INSTRUCTIONS TO FOLLOW –
Nothing but the pictures gets dropped; retype every entry exactly.

RECORDS FOR PROCESSING –
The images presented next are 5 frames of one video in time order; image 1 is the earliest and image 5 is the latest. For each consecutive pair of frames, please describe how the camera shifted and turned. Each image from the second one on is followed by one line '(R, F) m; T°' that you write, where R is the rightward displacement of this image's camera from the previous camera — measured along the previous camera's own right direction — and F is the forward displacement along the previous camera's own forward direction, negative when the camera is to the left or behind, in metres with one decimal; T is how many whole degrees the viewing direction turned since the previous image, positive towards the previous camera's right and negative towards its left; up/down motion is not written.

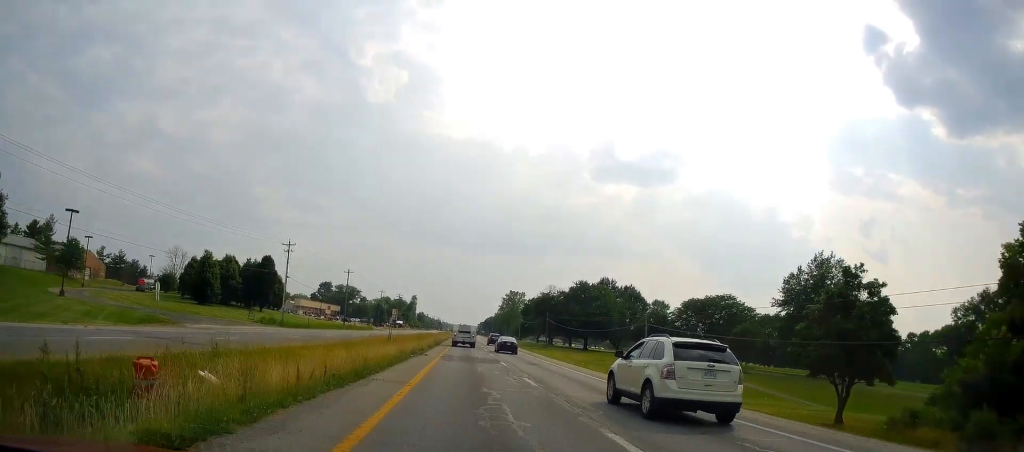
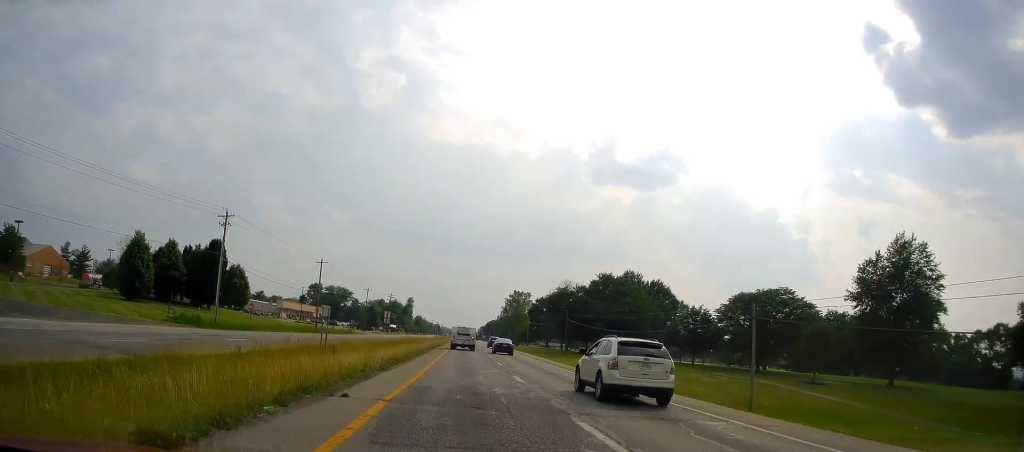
(+0.7, +23.0) m; +3°
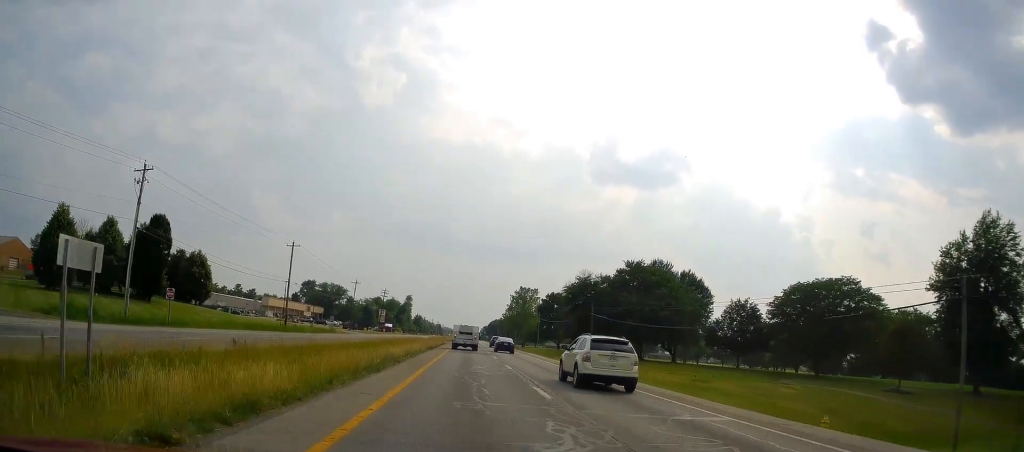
(+0.2, +18.4) m; -1°
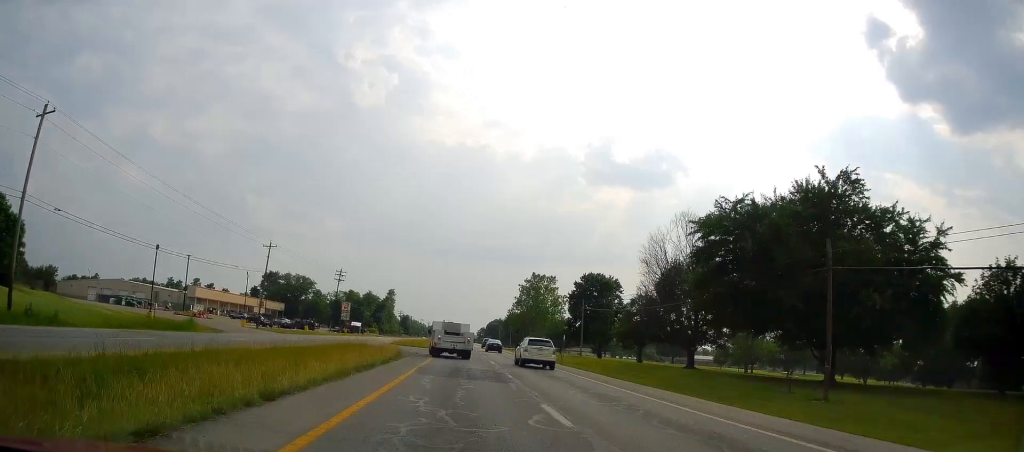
(+0.5, +55.4) m; +1°
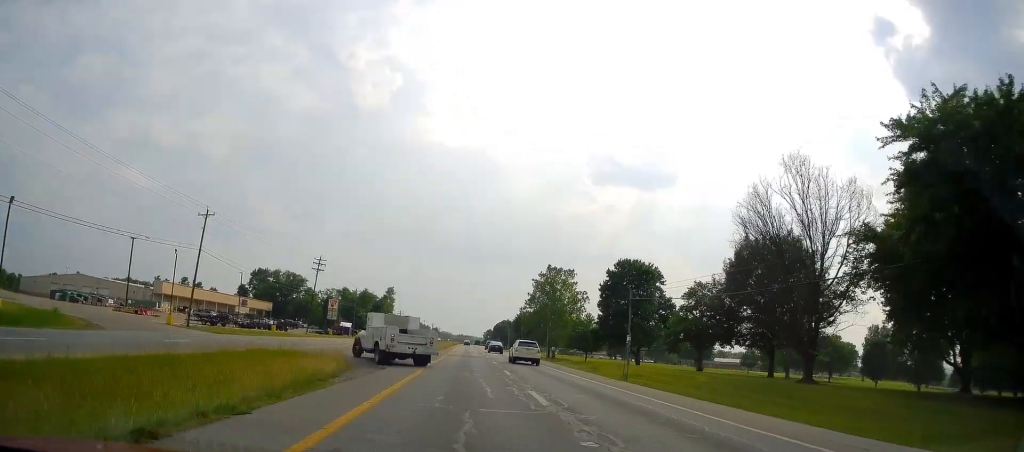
(-0.5, +21.4) m; 0°

EXERCISE ANSWER –
The images presented next are 5 frames of one video in time order; image 1 is the earliest and image 5 is the latest. For each consecutive pair of frames, please describe how the camera shifted and turned. Each image from the second one on is followed by one line '(R, F) m; T°' that you write, where R is the rightward displacement of this image's camera from the previous camera — measured along the previous camera's own right direction — and F is the forward displacement along the previous camera's own forward direction, negative when the camera is to the left or behind, in metres with one decimal; T is how many whole degrees the viewing direction turned since the previous image, positive towards the previous camera's right and negative towards its left; up/down motion is not written.

(+0.7, +23.0) m; +3°
(+0.2, +18.4) m; -1°
(+0.5, +55.4) m; +1°
(-0.5, +21.4) m; 0°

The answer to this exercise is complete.